# jacket



## Guest (Nov 11, 2007)

hi,
I could use some advice. I am planning a trip to Zermatt switzerland this coming march and will be there from March 30 - april 14. I am a boarder but have not yet bought a jacket. I am looking for a jacket and it will be used yearly in similar conditions as to what it will be like in zermatt at that time of year. As well,I have as a baselayer a set of patagonia capilene 3 bottom and top. My question is what type of middle layering do you recommend and outerlayering for both top and bottom. Regarding the jackets besides the general type of jacket maybe you have some actual recommendations. Im looking to spend between $100- $220 us.

thanks


----------



## Guest (Nov 12, 2007)

i Have been eyeing the Sessions Leatherneck Jacket... what do you think (here is the link i had seen) 

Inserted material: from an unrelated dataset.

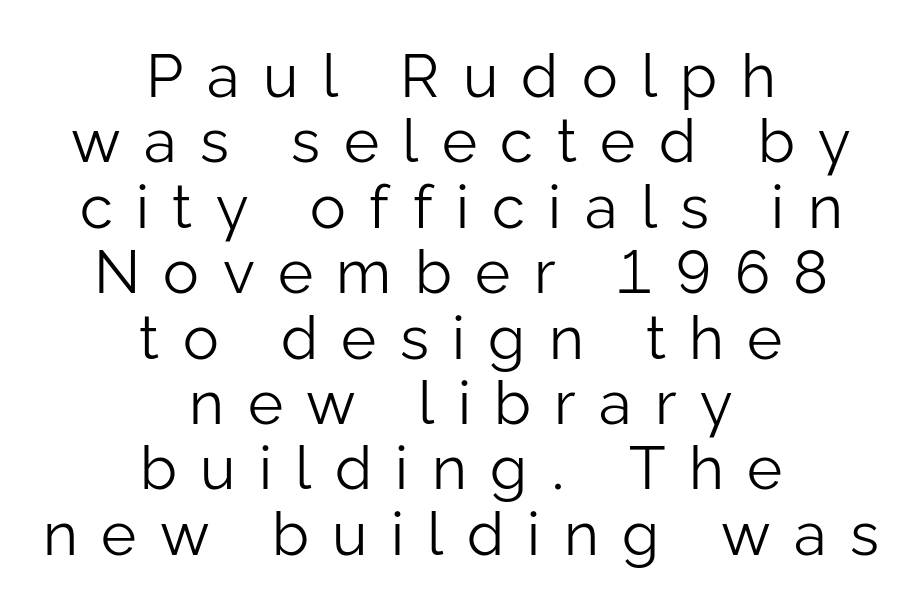
{"serif": "no", "italic": "no", "bold": "no", "weight": "light", "width": "normal", "stroke_contrast": "low", "x_height": "medium", "monospaced": "no", "underline": "no", "align": "center", "line_spacing": "tight", "line_spacing_ratio": 1.09, "letter_spacing": "wide", "letter_spacing_em": 0.39, "glyph_px": 60}

Backcountryoutlet.com | Large Image View | Sessions Leatherneck Jacket - Men's - Free Shipping! from Backcountryoutlet.com


----------



## Guest (Nov 15, 2007)

you just put a smile on my face...thanx


----------



## lisevolution (Sep 20, 2007)

check out the Sessions Vortex 4in1 Jacket on that site also...


----------



## Guest (Nov 15, 2007)

I got the Vortex 4-in-1 off SteapAndCheap, it's great. The "4-in-1" rather than just 3-in-1 is a bit gimmicky but whatever.


----------



## Guest (Nov 17, 2007)

one of the reviews on the leather neck said it was baggy and recommended getting one size smaller... is that true of the Vortex 4-in-1 as well


----------